Madame d’Ortolan – immaculately dressed in a cream twin-set, an unlined notebook to the olive graph-paper of Professore Loscelles’s bucolic three-piece – gave every appearance of thinking fairly seriously about trying to cram the Professore through the unfeasibly narrow window of the tiny study space and out to the sixty-metre drop below. “Loscelles,” she said, with an icy clarity, “have you gone completely insane?” (Professore Loscelles flexed his eyebrows, perhaps to signal that, as far as he was aware, he had not.) “If people,” Madame d’Ortolan said slowly, as though to a young child, “are able to transition without the drug… how are we to control them?”

“Well-” the Professore began.

“First of all,” Madame d’Ortolan said briskly, “this has not turned up in one of our extremely expensive but – now, apparently – rather irrelevant laboratories, or within the context of a carefully regulated field trial, or constrained by any sort of controlled environment; this has come upon us on the hoof, in the midst of a profound crisis in the Council, and in the guise of a previously loyal but now suddenly renegade assassin who, I am nervously informed by those trying and mostly failing to track him, may be continuing to develop other heretofore undreamt-of powers and worryingly unique abilities in addition to this one. As though-”

“Really? But that’s extraordinary!” the Professore exclaimed, seemingly quite excited by such a development.
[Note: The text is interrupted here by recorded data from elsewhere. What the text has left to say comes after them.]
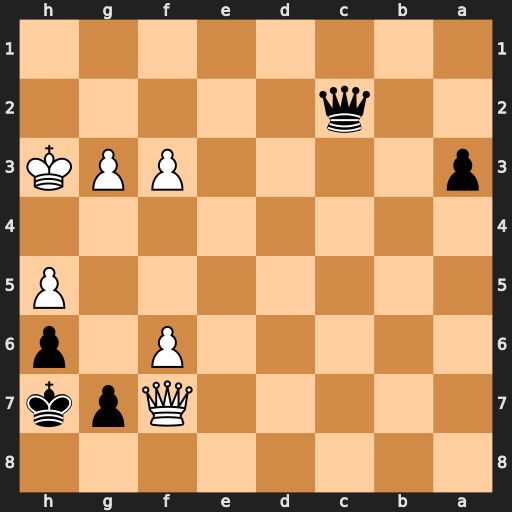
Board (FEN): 8/5Qpk/5P1p/7P/8/p4PPK/2q5/8
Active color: b
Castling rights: -
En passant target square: -
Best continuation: Qf5+ Kg2 Qxf6 Qe8 Qb2+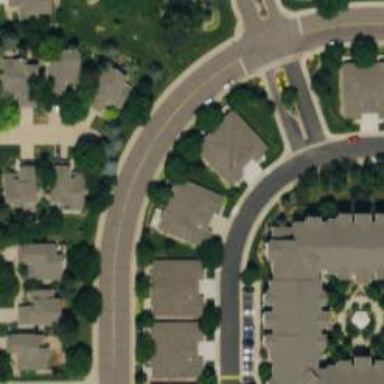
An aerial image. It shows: Living street.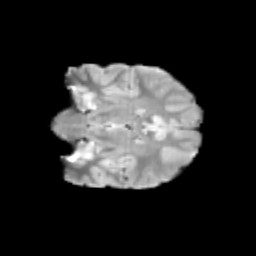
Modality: T2w
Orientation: coronal
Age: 13
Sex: male
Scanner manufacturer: siemens
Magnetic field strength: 3 T
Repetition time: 3.8 s
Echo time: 0.07 s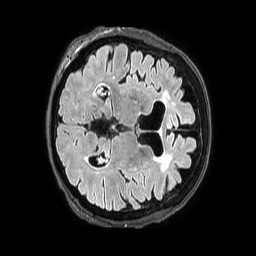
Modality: FLAIR
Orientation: axial
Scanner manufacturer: philips
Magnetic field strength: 3 T
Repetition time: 4.8 s
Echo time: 0.34 s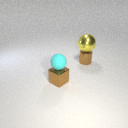
small brown metal cylinder behind small brown metal cube
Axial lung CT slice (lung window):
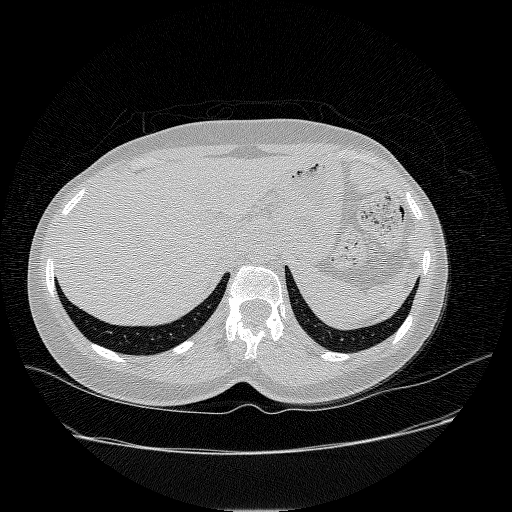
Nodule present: no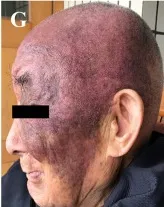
Effect of anlotinib on scalp and facial lesion changes over a course of 10 months treatment. Left side lateral view, and ,right side frontal view.
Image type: medical_photograph (skin_photograph)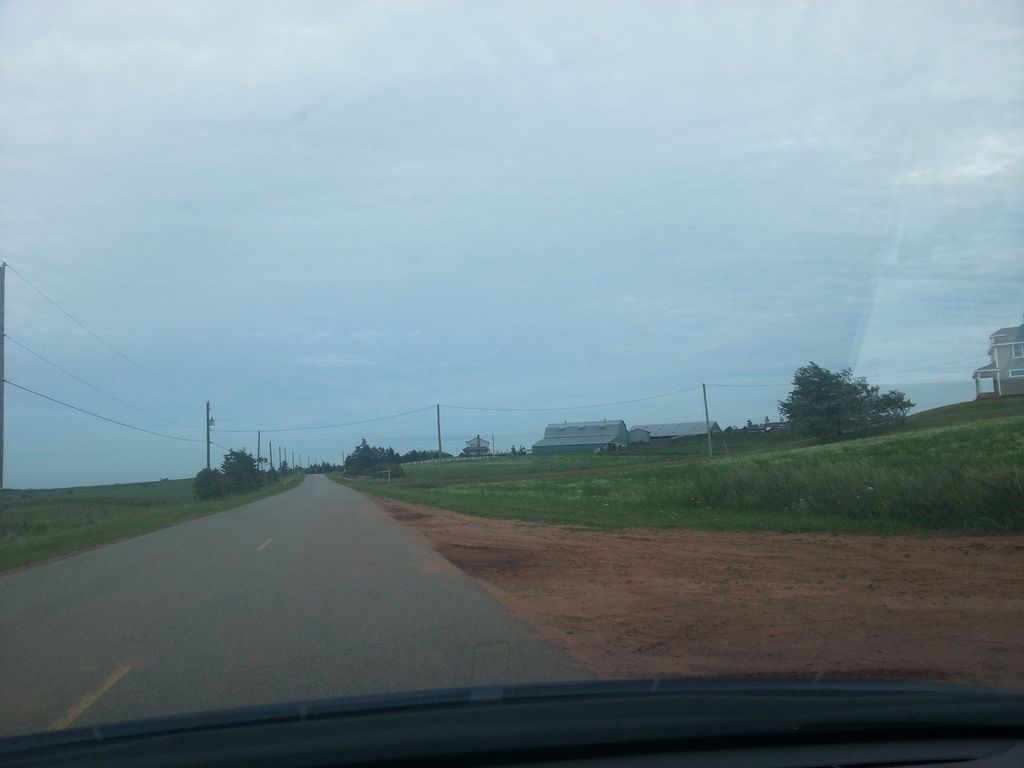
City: charlottetown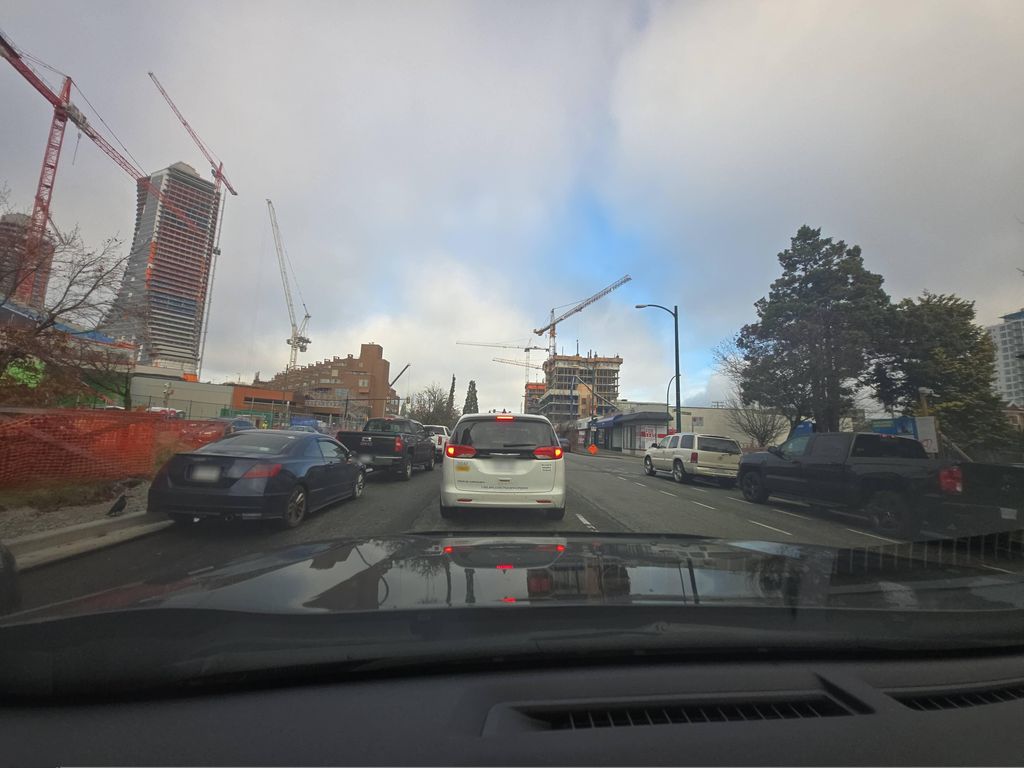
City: vancouver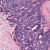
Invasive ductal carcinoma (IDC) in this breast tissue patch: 1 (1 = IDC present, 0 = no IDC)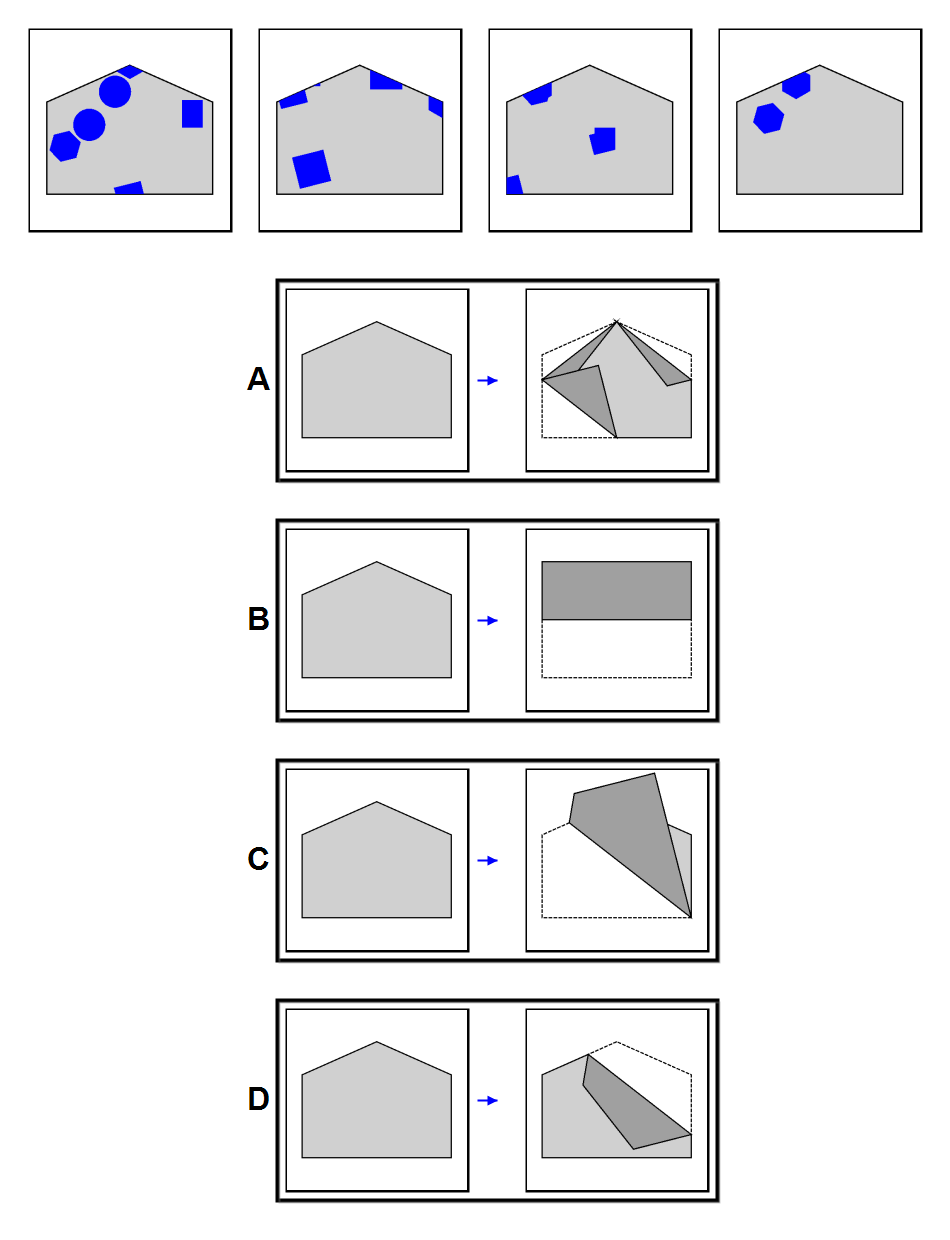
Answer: C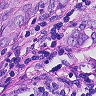
Metastatic tissue present: yes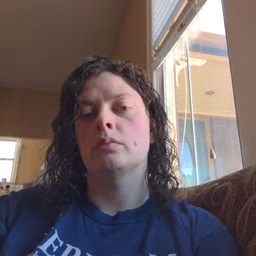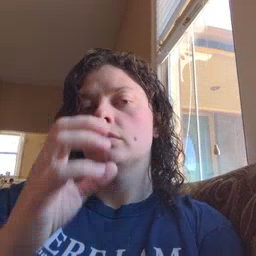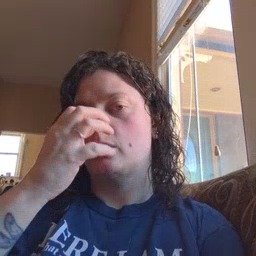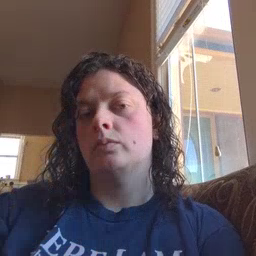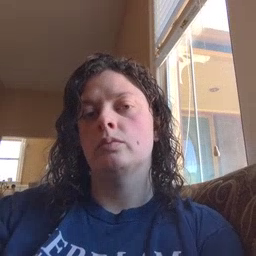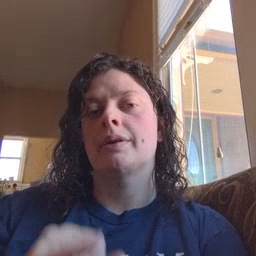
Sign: clown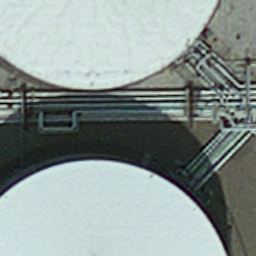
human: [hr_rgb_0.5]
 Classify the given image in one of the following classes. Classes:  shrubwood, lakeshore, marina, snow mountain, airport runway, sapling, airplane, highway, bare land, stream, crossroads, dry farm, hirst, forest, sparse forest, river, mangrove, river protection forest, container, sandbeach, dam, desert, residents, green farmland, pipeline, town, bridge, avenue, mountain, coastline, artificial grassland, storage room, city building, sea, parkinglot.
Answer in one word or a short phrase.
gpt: storage room

The lady’s brows knitted. “Well, fascinating!” she shouted, and slammed her palm on the carrel’s small desk, raising dust. The Professore jumped. Madame d’Ortolan collected herself. “I’m sure,” she continued, breathing hard, “you’ll be glad to know that the relevant scientists, experts and Facultarians all share both your enthusiasm and your inability to appreciate what a catastrophe this represents for us.” She put her hands on either side of the Professore’s ample cheeks and brought them towards each other so as to compress his smooth, perfumed flesh, making it look as though his squashed mouth and ruddily bulbous nose had been jammed between two glisteningly plump pink cushions.

“Loscelles, think! Defeating an individual or grouping of people is easy; one simply brings greater numbers to bear. If they have clubs, and so do we, then we simply ensure that our clubs are always bigger and more numerous than theirs. The same with guns, or symbols, or bombs, or any other weapons or abilities. But if this man – who is now patently not one of us, whose hand, rather, is most forcibly turned against us – can do something that none of our own people can do, how do we combat that?”

The unyielding firmness of her grip on his face and the concomitant unlikelihood of him being able to form a comprehensible reply led the Professore to believe that this was in the nature of a rhetorical question. She shook his face gently back and forwards in her hands. “We could be in terrible, terrible trouble, thanks just to the threat of this one individual.” She jiggled his face in her hands. “And, then – worse, for this can get much worse – what if anybody can do this, just with some training? What if any idiot, any zealot, any enthusiast, any revolutionary, dissident or revisionist can just decide they want to flit into another person’s body, displacing their mind? Without planning? Without the necessary safeguards and respect for just cause and proven importance? Without the guidance and experience of the Concern? Where does that leave us then? Hmm? I’ll tell you: powerless to control what is arguably the single most potent ability an individual can possess in this or any other world. Can we allow that? Can we countenance that? Can we indulge that?” She spread her hands slowly, letting go of Loscelles’s cheeks. The Professore’s features rearranged themselves into their accustomed alignments. He looked surprised and a little shocked to have been handled so.

Madame d’Ortolan was shaking her head slowly, her expression sorrowful and grave. Professore Loscelles found his own head shaking in time with hers, as though in sympathy.

“Indeed,” the lady told him, “we cannot.”

“It might, I suppose, lead to anarchy,” the Professore said profoundly, frowning somewhere towards the floor.